FROM HER WINDOW, high above the world, the widow spots them, the child and her photographer, entangled in the shadows of the shrubbery. And as she watches them, she feels the briefest flicker, like the singe of a match tip's flame: quickly, now, before it's gone! She tugs upon the bell rope that dangles beside her: a photograph must be taken; the moment must not be lost. Yes, here is the hind of her nighttime hunts; she has tracked it down at last.

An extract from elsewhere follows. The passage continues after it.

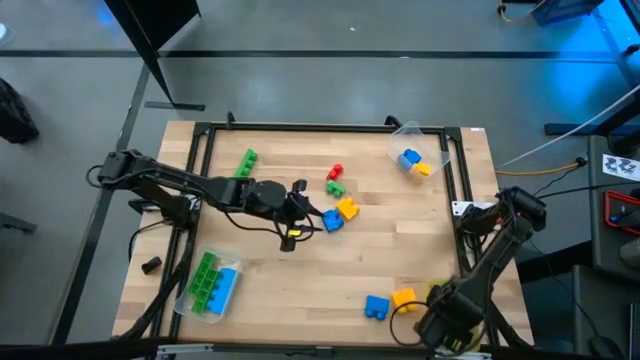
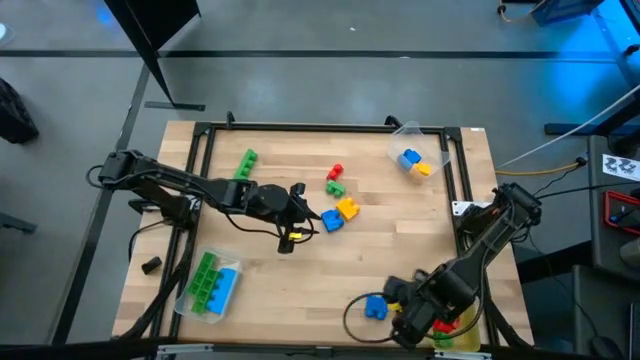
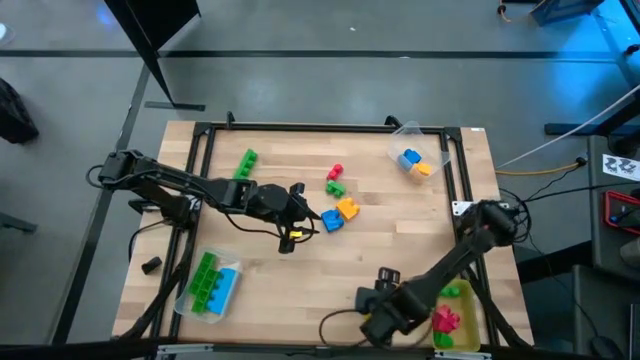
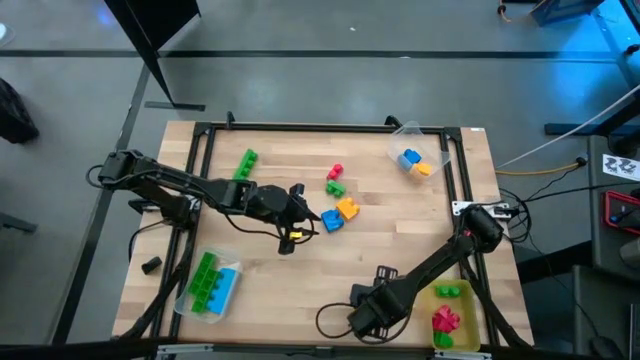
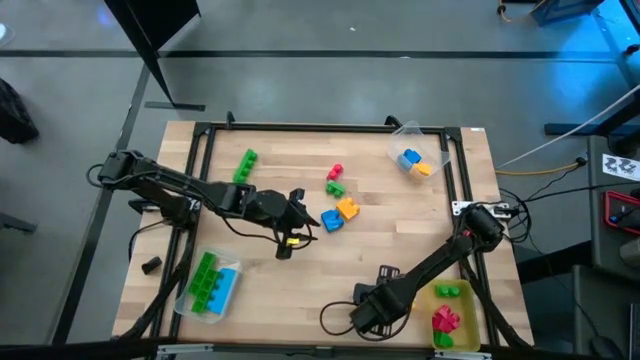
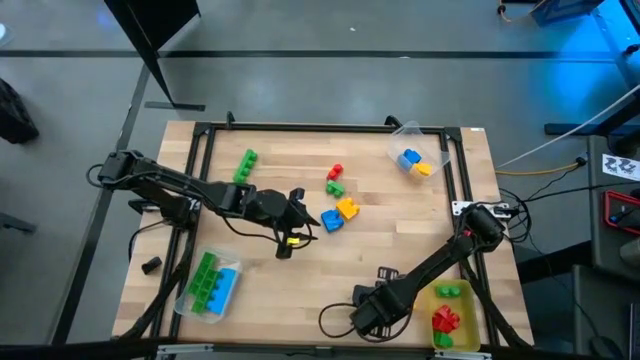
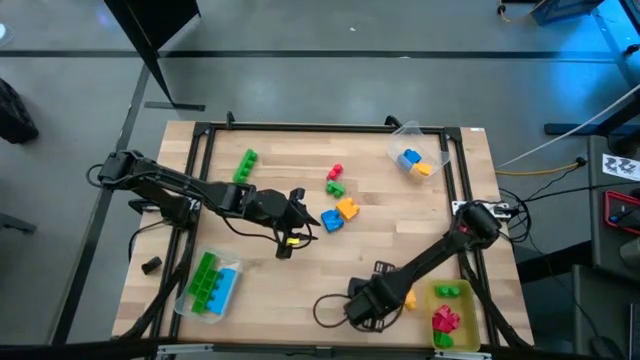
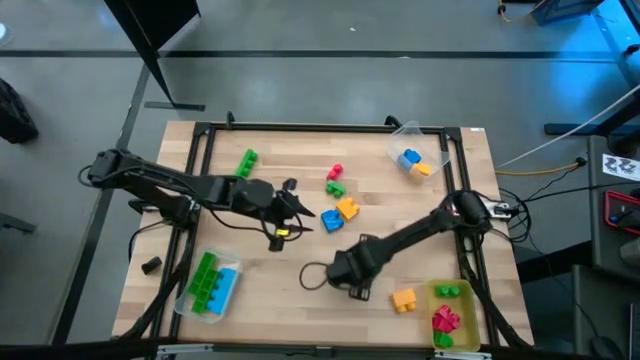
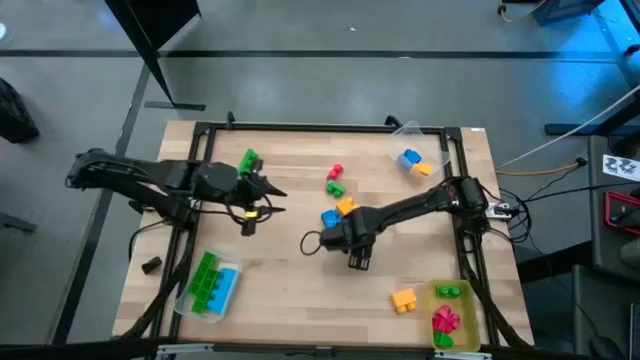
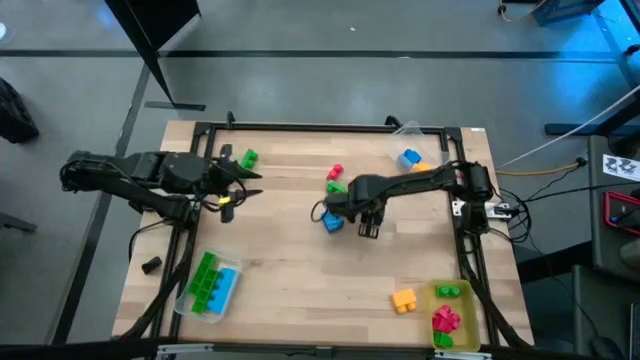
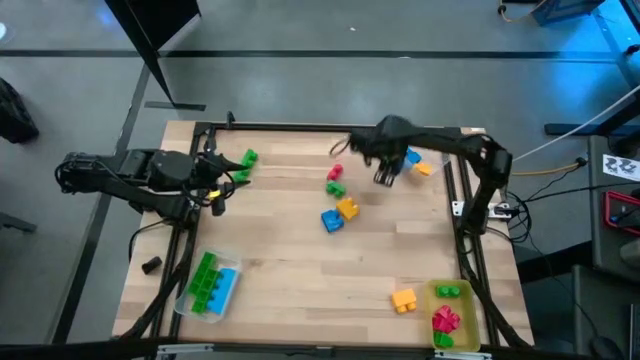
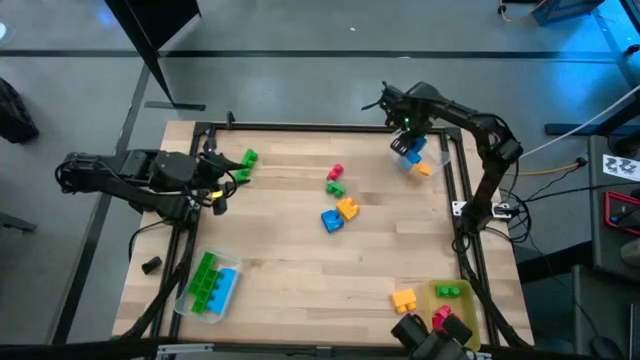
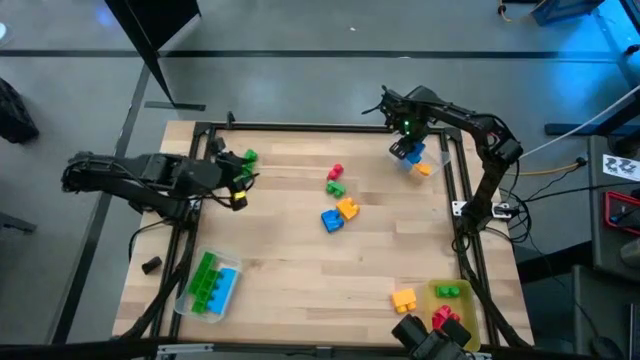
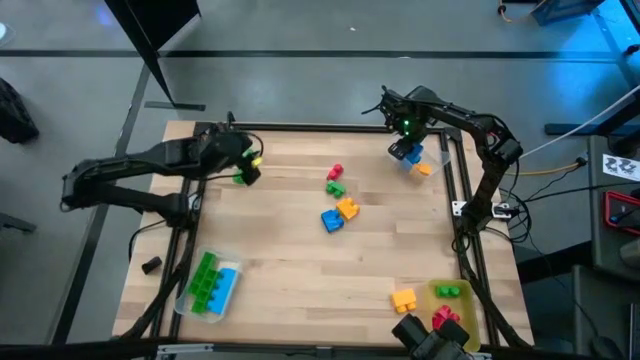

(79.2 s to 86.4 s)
Task: Sort blocks by size
Put the bottom 2 stud blue game piece into the top transparent bin

Then she laughs at herself, at the futility of her agitated summons. For how can he take the picture, when he is the picture? All of her efforts, if she is to be truthful, are marked by this same sense of impossibility. The more furiously she pursues, the more surely it recedes, this fugitive scene, visible only when glimpsed askance, out of the corner of her rheumy eye. Her latest project has been a failure; she had hoped that this marvelous invention, this alchemy of chemicals and light, would assist her in her pursuits, but now, as her eyes graze over the photographs, she discovers that they offer her nothing. And if they do, it is only by accident: in one picture, the fringe of the carpet is caught between the man's toes; in another, the child's mouth is open, as if she is about to speak: these are the details that prick her. But they are scarce among this series of tableaux, lovingly arranged, though ultimately of no poignance or excitement to her.

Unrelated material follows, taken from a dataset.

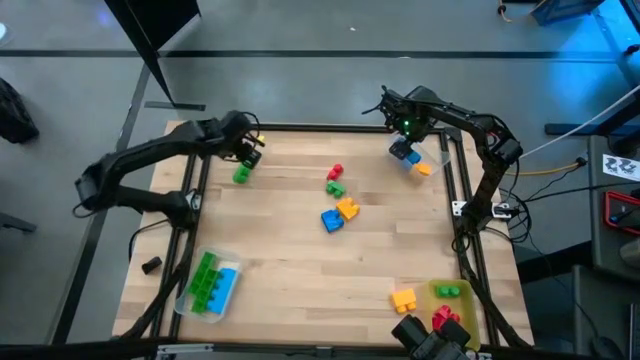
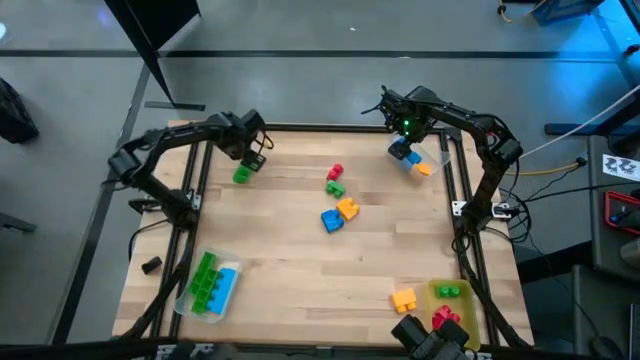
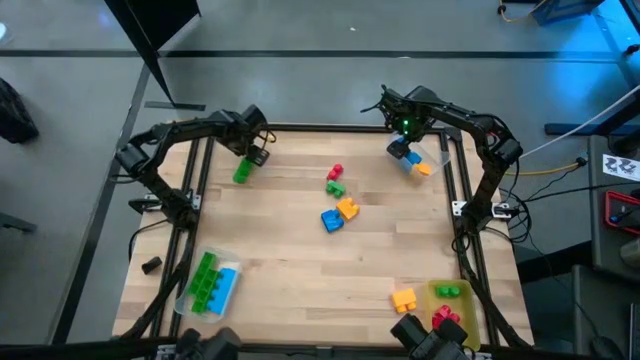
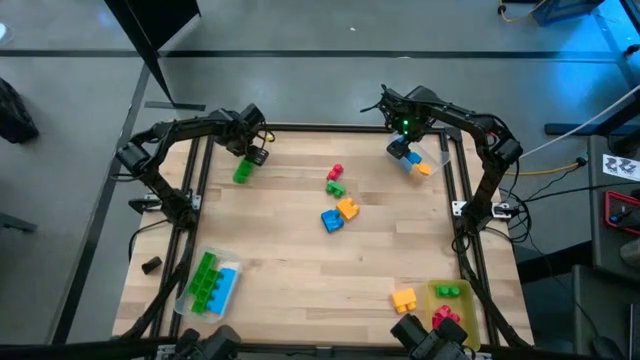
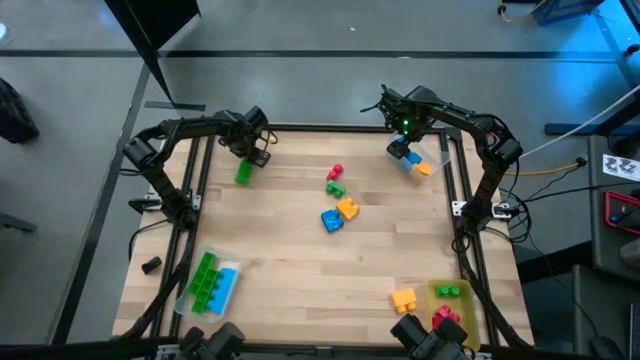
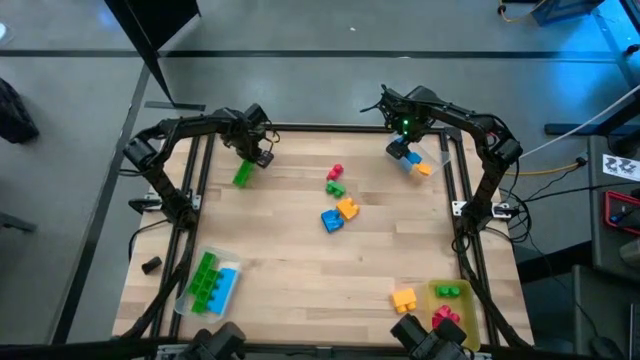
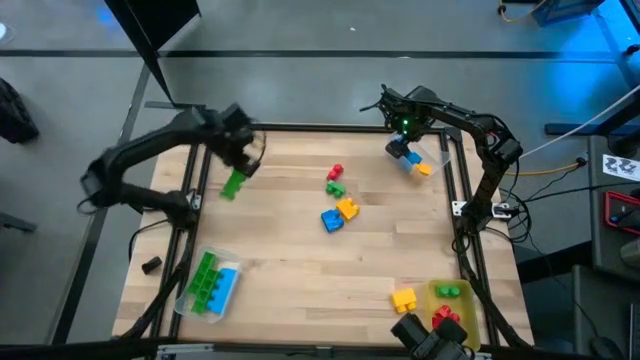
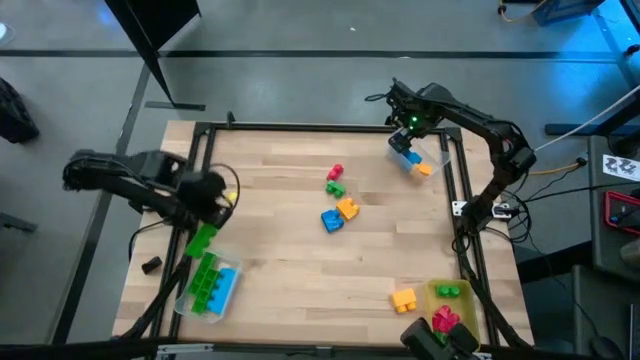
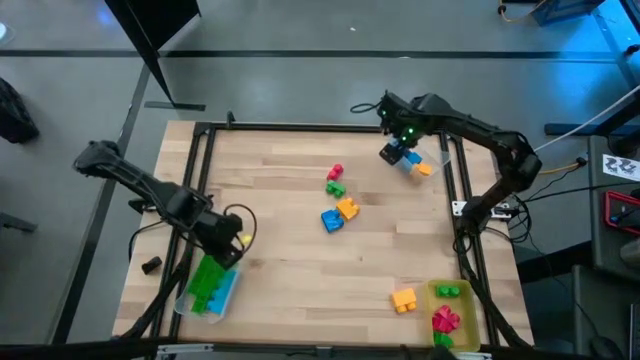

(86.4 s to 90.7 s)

Once she had been interviewed by a scientist, who was anxious to include a grandmother in his study of libertines, already several volumes long. He had amused her with the exacting nature of his questions, and his demands that she should include even the most scabrous details in her accounts. She had teased him, she couldn't help it, so strenuous were his attempts to manage her perversions, to render them immobile. What you must finally recognize, she said, what you must understand about my predilections (the scientist leans forward: at long last, the secret!) is that my desire does not take; it turns, as milk does.
For that reason, she feels only a little sad when she finds, slipped beneath her door, a note written in an elegant hand:
Please forgive me. I have left in search of a Faculty of Medicine who might take interest in my unusual condition. I plan to donate my body to Science, so that I can say my life has been of some use to Humankind.